Collection entries:
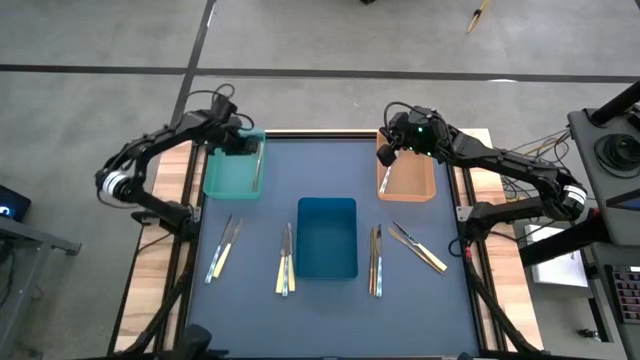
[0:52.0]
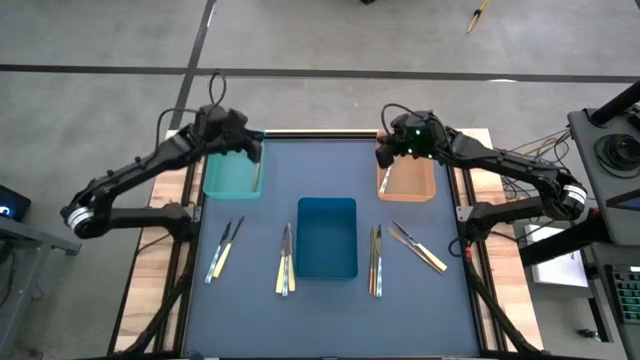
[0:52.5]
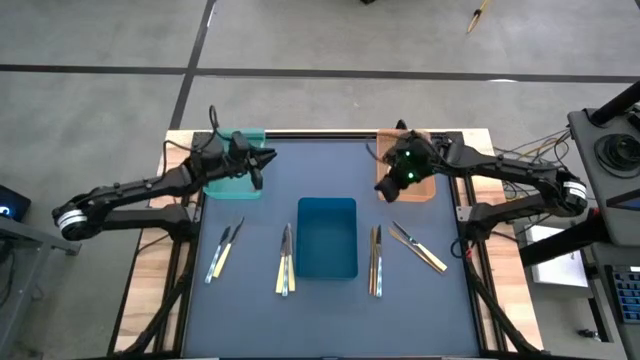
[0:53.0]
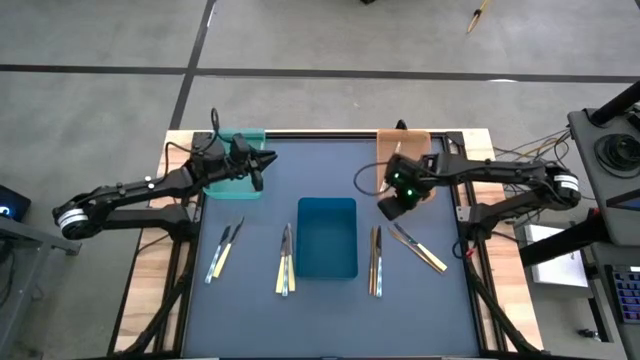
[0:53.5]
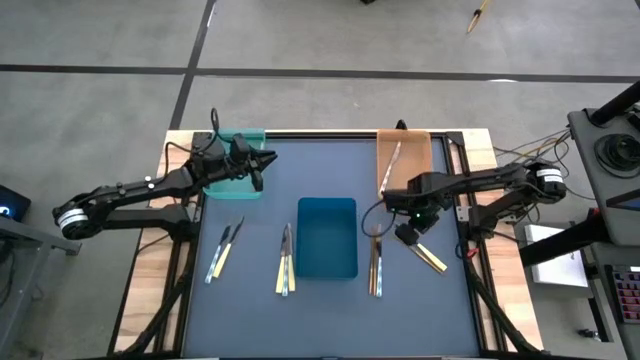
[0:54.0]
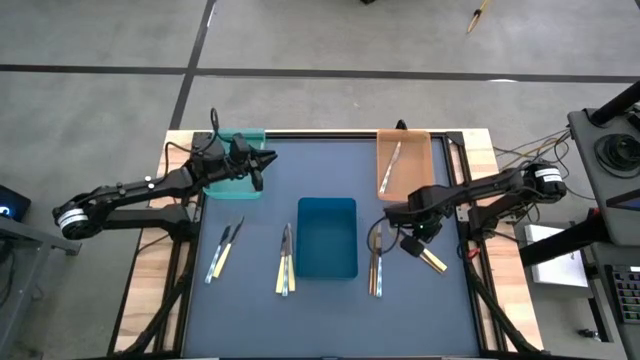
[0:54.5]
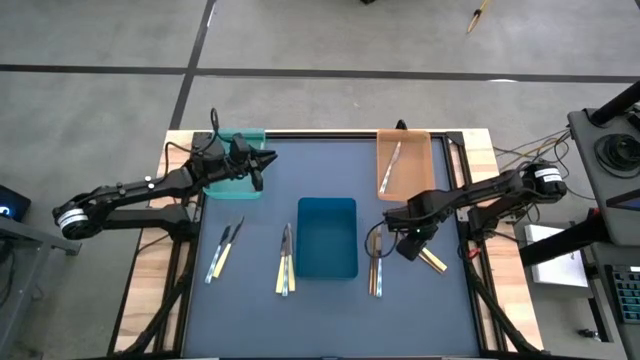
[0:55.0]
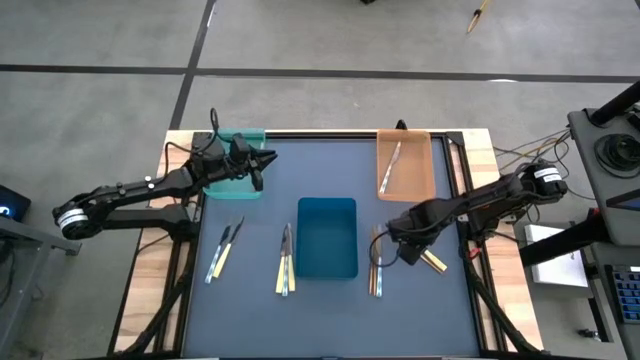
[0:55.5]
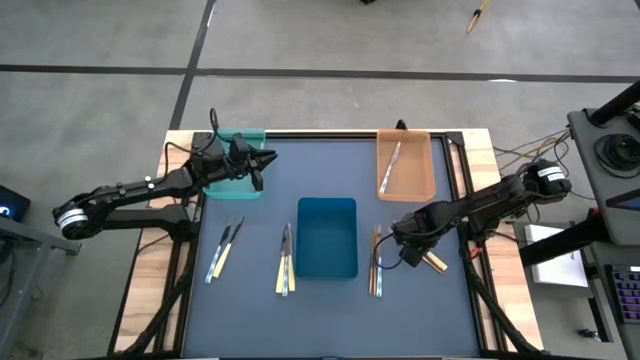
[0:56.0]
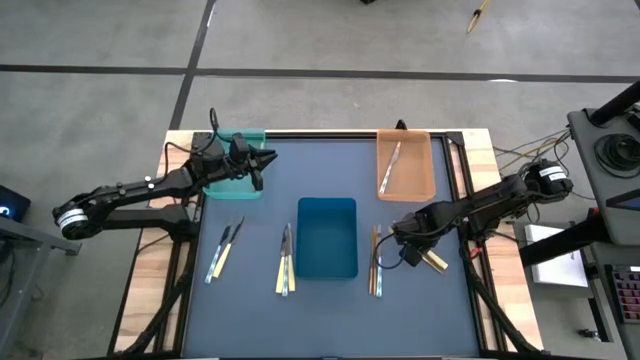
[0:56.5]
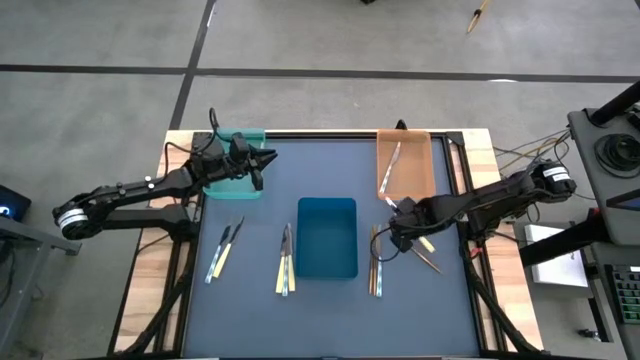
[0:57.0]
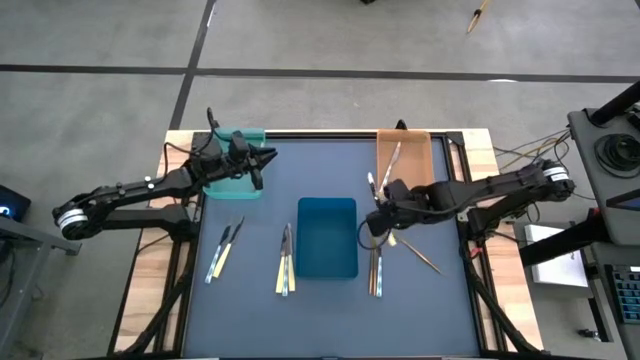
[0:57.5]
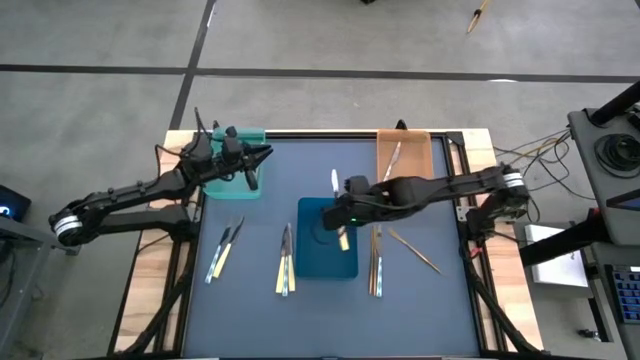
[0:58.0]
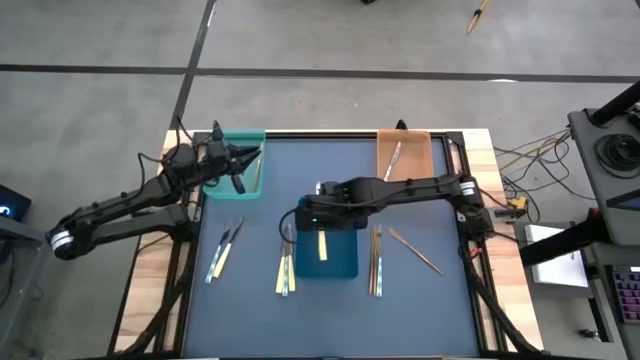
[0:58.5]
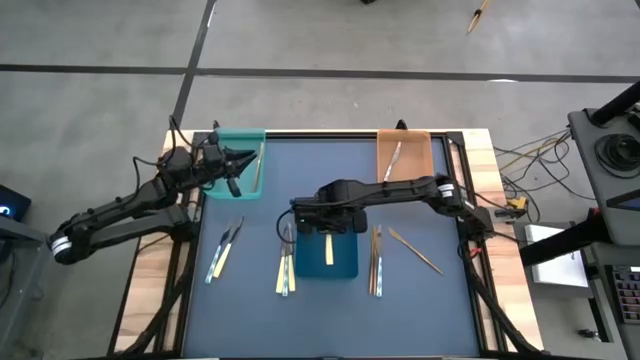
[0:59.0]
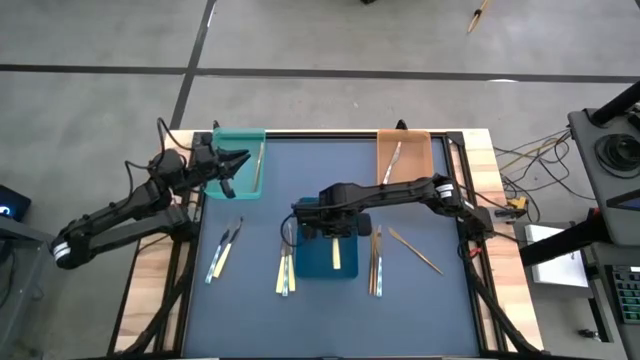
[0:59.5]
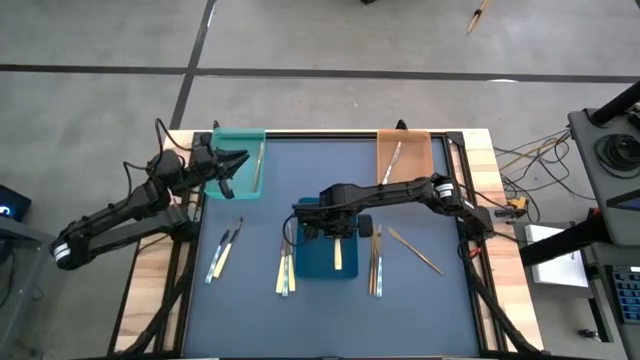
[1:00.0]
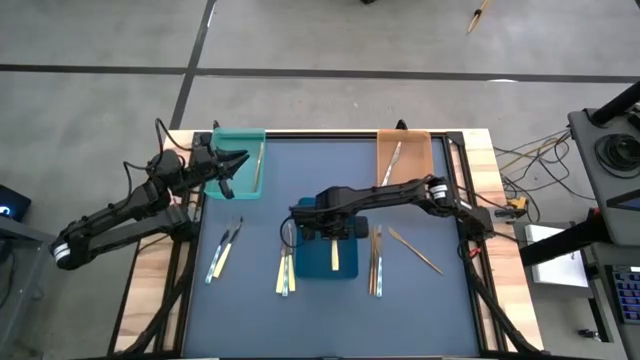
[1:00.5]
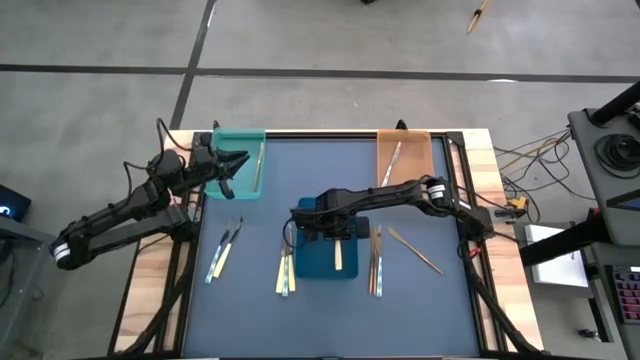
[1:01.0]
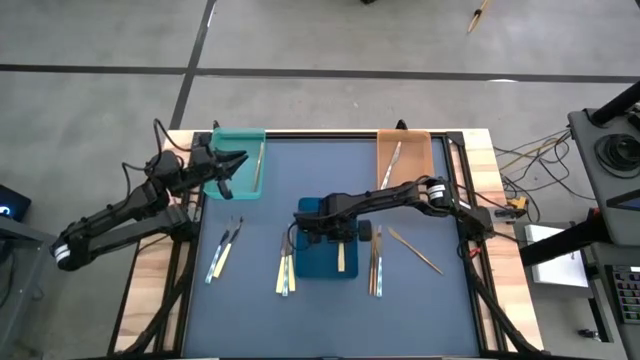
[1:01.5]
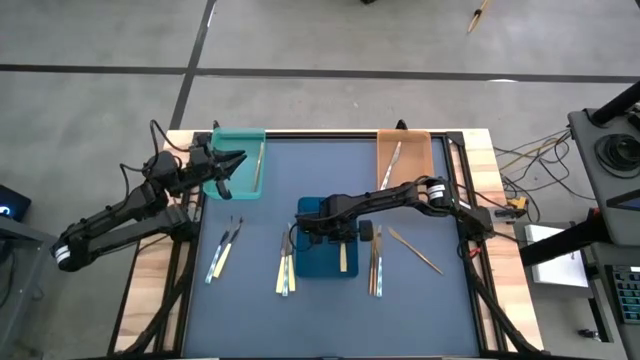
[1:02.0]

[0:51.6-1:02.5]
Put the top right yellow knife into the blue bin

What needs to be done. Each line above is to be repeated exactly as written; no picture is carried over.

Result.
[0:52.0]
[0:52.5]
[0:53.0]
[0:53.5]
[0:54.0]
[0:54.5]
[0:55.0]
[0:55.5]
[0:56.0]
[0:56.5]
[0:57.0]
[0:57.5]
[0:58.0]
[0:58.5]
[0:59.0]
[0:59.5]
[1:00.0]
[1:00.5]
[1:01.0]
[1:01.5]
[1:02.0]

[0:51.6-1:02.5]
Put the top right yellow knife into the blue bin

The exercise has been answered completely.